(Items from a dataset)
————
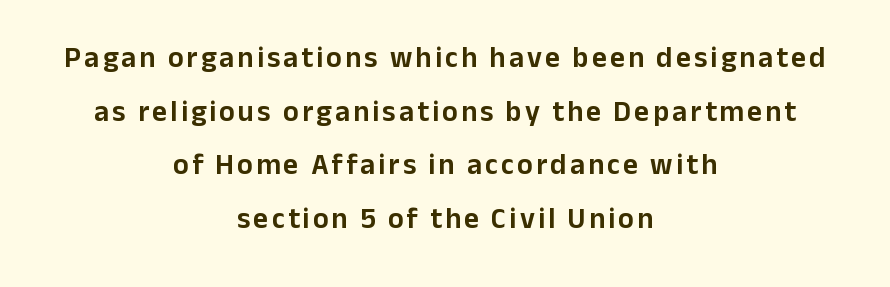
Q: Is the text italic (slanted)? A: No, it is upright.
Q: Is the typeface a serif or a sans-serif typeface? A: Sans-serif.
Q: Is the text underlined? A: No.
Q: How is the paragraph aligned? A: Centered.
Q: Width (condensed, normal, or wide)? A: Normal.
Q: Stroke contrast? A: Low.
Q: x-height? A: Medium.
Q: Monospaced? A: No.
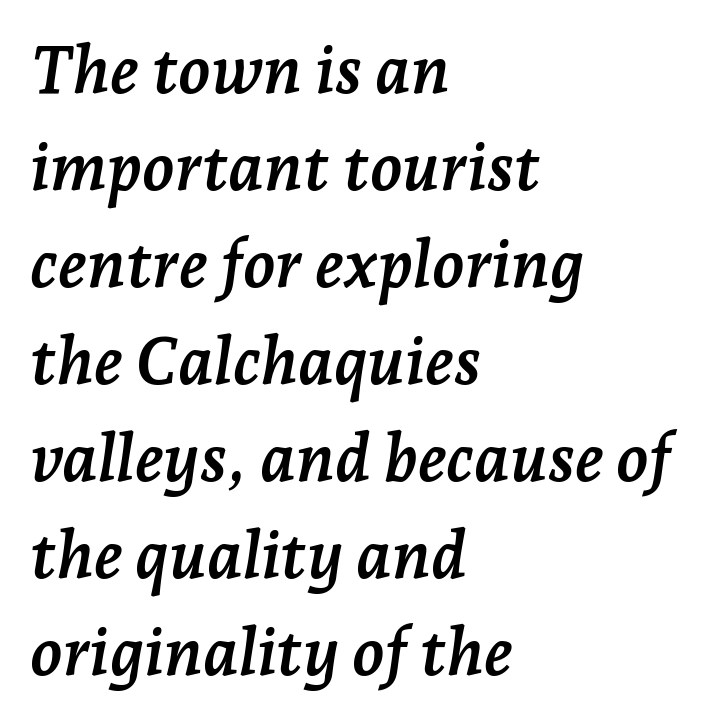
{"serif": "yes", "italic": "yes", "lean": "right", "slant_degrees": 7, "bold": "yes", "weight": "semibold", "width": "normal", "stroke_contrast": "low", "x_height": "medium", "monospaced": "no", "underline": "no", "align": "left", "line_spacing": "normal", "line_spacing_ratio": 1.47, "letter_spacing": "normal", "letter_spacing_em": 0.0, "glyph_px": 66}
————
> [Try it]:
Filter the lines above, keeping and copying those that contain "text".

> [Answer to this task]:
Q: Is the text italic (slanted)? A: No, it is upright.
Q: Is the text underlined? A: No.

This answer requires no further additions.